When artist and collector Danny First built his gallery The Cabin in the backyard of his Hancock Park home in 2014, its diminutive size was part of the appeal. The space, oddly modelled on the hut where terrorist Ted Kaczynski (the Unabomber) holed up in Montana, is a high-ceilinged 10ft by 12ft structure that, even with its current show of large-scale canvases by the figurative painter Gabe Cortese, does not feel overcrowded. After seven years, First felt his programme—which also includes a month-long artist residency nearby—was ready to expand.
“I feel like I’m giving them a little bit more than The Cabin now,” First says of his revamped complex, which now includes a large gallery beneath his backyard, The Bunker, and a large podium for outdoor sculpture he christened The Fifth Plinth.
“Even for successful sculptors, it can be hard for them to display their works,” says First, whose own artistic practice includes bronze and ceramic sculptures of stylised figures. “It’s going to be fun, but also challenging to crane the pieces into the backyard.” He plans to install a new work around every six months. The first piece on the plinth, by Nathan Mabry, features a vivid blue wolf.
Though his gallery is very much a passion project rather than a commercial one, it has helped boost the careers of many young artists. Past shows have included the Ghanaian sensation Amoako Boafo, the conceptual artist Genevieve Gaignard (who now shows with Vielmetter Los Angeles) and painter Tunji Adeniyi-Jones, who is now represented by White Cube.

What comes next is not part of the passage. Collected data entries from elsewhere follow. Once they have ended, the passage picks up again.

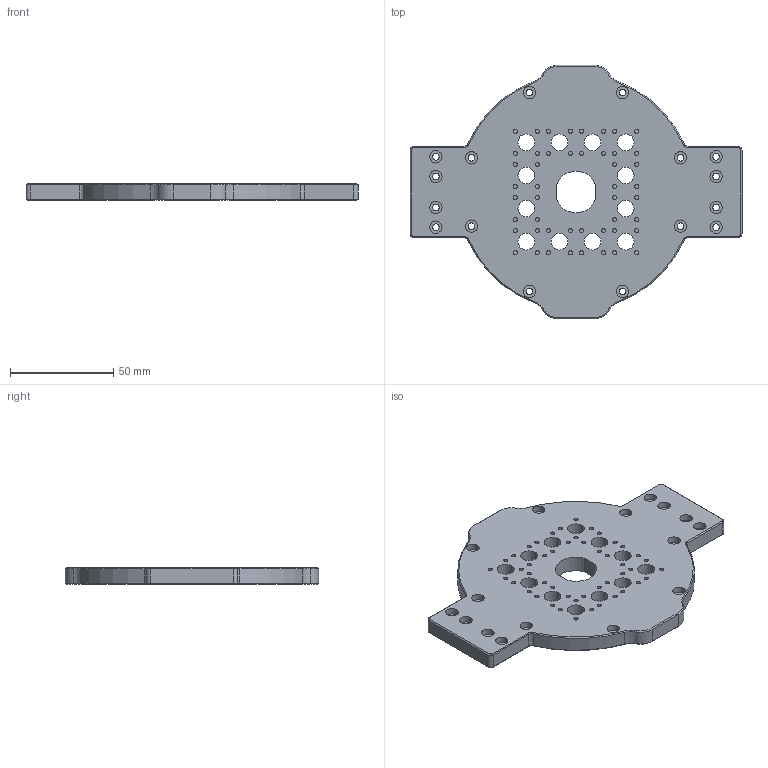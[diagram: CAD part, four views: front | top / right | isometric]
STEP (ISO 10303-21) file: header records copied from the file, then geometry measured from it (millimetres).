
FILE_DESCRIPTION (( 'STEP AP214' ), '1' );
FILE_NAME ('Rear_Cabin_Hatch.STEP', '2026-01-31T07:40:57', ( '' ), ( '' ), 'SwSTEP 2.0', 'SolidWorks 2024', '' );
FILE_SCHEMA (( 'AUTOMOTIVE_DESIGN' ));
Length unit declared in the file: millimetre
Products named in the file (1): Rear_Cabin_Hatch
Bounding box: 160.4 x 122.4 x 8 mm (x, y, z)
Volume: 91468.3 mm3; surface area: 32693.9 mm2
Topology: 1 solids, 1 shells, 338 faces, 760 edges, 488 vertices
Faces by surface type: cylinder 206, plane 92, cone 40
Entity records: 9727 total; most frequent: DIRECTION 1890, CARTESIAN_POINT 1587, ORIENTED_EDGE 1520, AXIS2_PLACEMENT_3D 791, EDGE_CURVE 760, VERTEX_POINT 488, EDGE_LOOP 460, CIRCLE 452
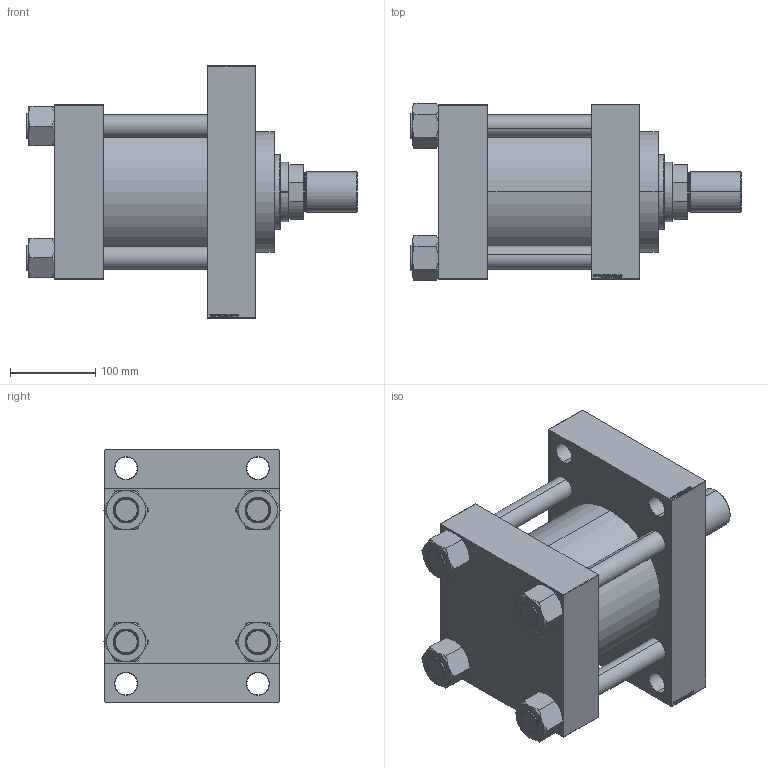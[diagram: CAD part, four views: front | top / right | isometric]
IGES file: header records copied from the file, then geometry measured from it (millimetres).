
Start section: SolidWorks IGES file using analytic representation for surfaces
Global section: file name: 4fee.IGS; native system: SolidWorks 2019; preprocessor: SolidWorks 2019; author: Model3D; date: 251015.081327; units: millimetre
Bounding box: 389 x 208.14 x 297 mm (x, y, z)
Surface area: 785729.3 mm2 (no closed solid volume)
Topology: 0 solids, 0 shells, 1163 faces, 16940 edges, 16938 vertices
Faces by surface type: bspline 926, revolution 237
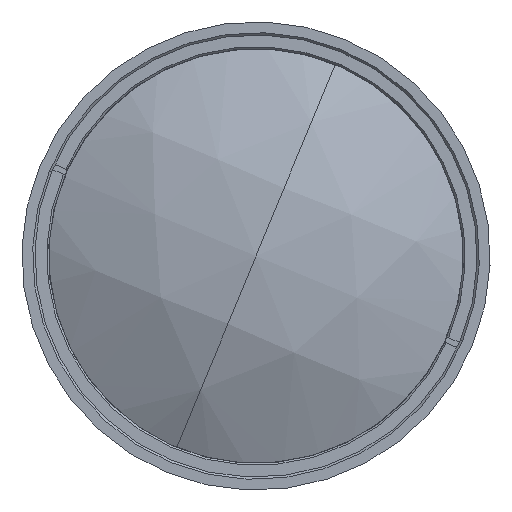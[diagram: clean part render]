
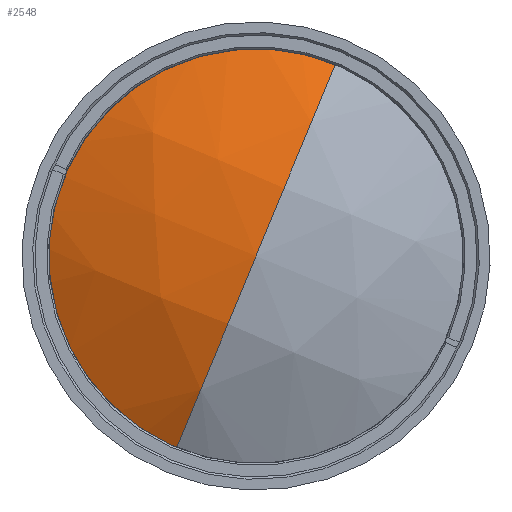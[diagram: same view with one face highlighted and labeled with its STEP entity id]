
A CAD part, left-side view. The second image highlights one B-rep face of the part: STEP entity #2548.
In plain terms, the highlighted free-form (B-spline) face has degree [3, 3] with [4, 4] control points.
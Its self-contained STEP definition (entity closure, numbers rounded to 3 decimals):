
#189 = AXIS2_PLACEMENT_3D ( 'NONE', #1559, #14560, #7830 ) ;
#1223 = CARTESIAN_POINT ( 'NONE',  ( -267.405, 24.252, 72.369 ) ) ;
#1559 = CARTESIAN_POINT ( 'NONE',  ( -280.688, 0., 0. ) ) ;
#2548 = ADVANCED_FACE ( 'NONE', ( #14333 ), #20030, .T. ) ;
#3203 = ORIENTED_EDGE ( 'NONE', *, *, #5074, .T. ) ;
#3664 = AXIS2_PLACEMENT_3D ( 'NONE', #20291, #10912, #6180 ) ;
#3996 = CIRCLE ( 'NONE', #3664, 57. ) ;
#4319 = CARTESIAN_POINT ( 'NONE',  ( -285.29, 47.402, 42.286 ) ) ;
#4352 = DIRECTION ( 'NONE',  ( 0., 0.924, 0.382 ) ) ;
#5074 = EDGE_CURVE ( 'NONE', #15193, #8770, #3996, .T. ) ;
#5129 = EDGE_LOOP ( 'NONE', ( #18444, #12999, #3203 ) ) ;
#6180 = DIRECTION ( 'NONE',  ( 0., -0.924, -0.382 ) ) ;
#6266 = CARTESIAN_POINT ( 'NONE',  ( -280.688, -21.765, 52.681 ) ) ;
#6445 = VERTEX_POINT ( 'NONE', #15558 ) ;
#6904 = EDGE_CURVE ( 'NONE', #8770, #6445, #14028, .T. ) ;
#6929 = CIRCLE ( 'NONE', #18700, 118.259 ) ;
#7715 = CARTESIAN_POINT ( 'NONE',  ( -300.789, 8.012, -19.391 ) ) ;
#7818 = CARTESIAN_POINT ( 'NONE',  ( -280.342, -5.733, 59.98 ) ) ;
#7830 = DIRECTION ( 'NONE',  ( 0., -0.924, -0.382 ) ) ;
#7919 = CARTESIAN_POINT ( 'NONE',  ( -285.29, 63.426, 3.504 ) ) ;
#8770 = VERTEX_POINT ( 'NONE', #18440 ) ;
#9417 = CARTESIAN_POINT ( 'NONE',  ( -295.511, 30.352, 35.241 ) ) ;
#10864 = CARTESIAN_POINT ( 'NONE',  ( -280.342, 22.004, -53.258 ) ) ;
#10912 = DIRECTION ( 'NONE',  ( -1., 0., 0. ) ) ;
#11173 = CARTESIAN_POINT ( 'NONE',  ( -275.936, 54.027, -40.027 ) ) ;
#11972 = EDGE_CURVE ( 'NONE', #6445, #15193, #6929, .T. ) ;
#12364 = DIRECTION ( 'NONE',  ( 0., 0.382, -0.924 ) ) ;
#12536 = CARTESIAN_POINT ( 'NONE',  ( -280.342, -22.004, 53.258 ) ) ;
#12745 = CARTESIAN_POINT ( 'NONE',  ( -300.789, -8.012, 19.391 ) ) ;
#12999 = ORIENTED_EDGE ( 'NONE', *, *, #11972, .T. ) ;
#14028 = CIRCLE ( 'NONE', #189, 57. ) ;
#14333 = FACE_OUTER_BOUND ( 'NONE', #5129, .T. ) ;
#14560 = DIRECTION ( 'NONE',  ( -1., 0., 0. ) ) ;
#15193 = VERTEX_POINT ( 'NONE', #6266 ) ;
#15558 = CARTESIAN_POINT ( 'NONE',  ( -280.688, 21.765, -52.681 ) ) ;
#15657 = CARTESIAN_POINT ( 'NONE',  ( -177.073, 0., 0. ) ) ;
#15724 = CARTESIAN_POINT ( 'NONE',  ( -267.405, 68.259, -34.147 ) ) ;
#15936 = CARTESIAN_POINT ( 'NONE',  ( -275.936, 10.02, 66.488 ) ) ;
#17426 = CARTESIAN_POINT ( 'NONE',  ( -295.511, 46.376, -3.541 ) ) ;
#17637 = CARTESIAN_POINT ( 'NONE',  ( -300.789, 27.504, -11.338 ) ) ;
#18440 = CARTESIAN_POINT ( 'NONE',  ( -280.688, 52.681, 21.765 ) ) ;
#18444 = ORIENTED_EDGE ( 'NONE', *, *, #6904, .T. ) ;
#18700 = AXIS2_PLACEMENT_3D ( 'NONE', #15657, #4352, #12364 ) ;
#19203 = CARTESIAN_POINT ( 'NONE',  ( -300.789, 11.481, 27.444 ) ) ;
#20030 =( BOUNDED_SURFACE ( )  B_SPLINE_SURFACE ( 3, 3, ( 
 ( #10864, #20455, #11173, #15724 ),
 ( #7715, #17637, #17426, #7919 ),
 ( #12745, #19203, #9417, #4319 ),
 ( #12536, #7818, #15936, #1223 ) ),
 .UNSPECIFIED., .F., .F., .F. ) 
 B_SPLINE_SURFACE_WITH_KNOTS ( ( 4, 4 ),
 ( 4, 4 ),
 ( 0., 1. ),
 ( 0., 1. ),
 .UNSPECIFIED. ) 
 GEOMETRIC_REPRESENTATION_ITEM ( )  RATIONAL_B_SPLINE_SURFACE ( (
 ( 1., 0.979, 0.979, 1.),
 ( 0.916, 0.896, 0.896, 0.916),
 ( 0.916, 0.896, 0.896, 0.916),
 ( 1., 0.979, 0.979, 1.) ) ) 
 REPRESENTATION_ITEM ( '' )  SURFACE ( )  );
#20291 = CARTESIAN_POINT ( 'NONE',  ( -280.688, 0., 0. ) ) ;
#20455 = CARTESIAN_POINT ( 'NONE',  ( -280.342, 38.274, -46.535 ) ) ;
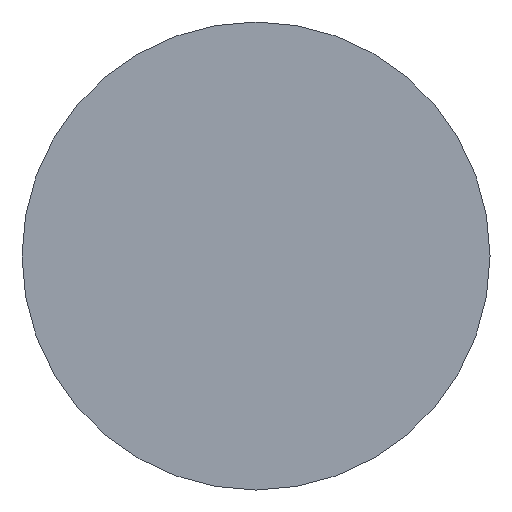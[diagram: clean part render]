
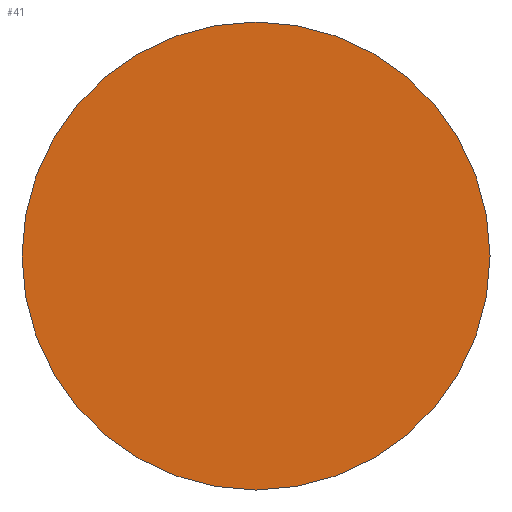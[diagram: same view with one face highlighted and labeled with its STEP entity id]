
A CAD part, front view. The second image highlights one B-rep face of the part: STEP entity #41.
In plain terms, the highlighted planar face has unit normal (0, -1, 0).
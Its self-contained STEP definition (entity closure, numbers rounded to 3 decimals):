
#16=PLANE('',#60);
#19=FACE_OUTER_BOUND('',#22,.T.);
#22=EDGE_LOOP('',(#37));
#26=CIRCLE('',#58,3.5);
#28=VERTEX_POINT('',#78);
#31=EDGE_CURVE('',#28,#28,#26,.T.);
#37=ORIENTED_EDGE('',*,*,#31,.T.);
#41=ADVANCED_FACE('',(#19),#16,.F.);
#58=AXIS2_PLACEMENT_3D('',#80,#68,#69);
#60=AXIS2_PLACEMENT_3D('',#82,#72,#73);
#68=DIRECTION('center_axis',(0.,-1.,0.));
#69=DIRECTION('ref_axis',(1.,0.,0.));
#72=DIRECTION('center_axis',(0.,1.,0.));
#73=DIRECTION('ref_axis',(1.,0.,0.));
#78=CARTESIAN_POINT('',(-3.5,4.,0.));
#80=CARTESIAN_POINT('Origin',(0.,4.,0.));
#82=CARTESIAN_POINT('Origin',(0.,4.,0.));

For now, First has no ambitions to expand further, but he often fields inquiries from collectors looking to create their own takes on The Cabin. “I get wealthy people asking me about starting their own residencies on their properties, and I tell them, ‘Location is really important’,” he says. “It’s a huge thing to be close to the art stores, the galleries and the museums. You can’t put them in some deserted place like Joshua Tree.”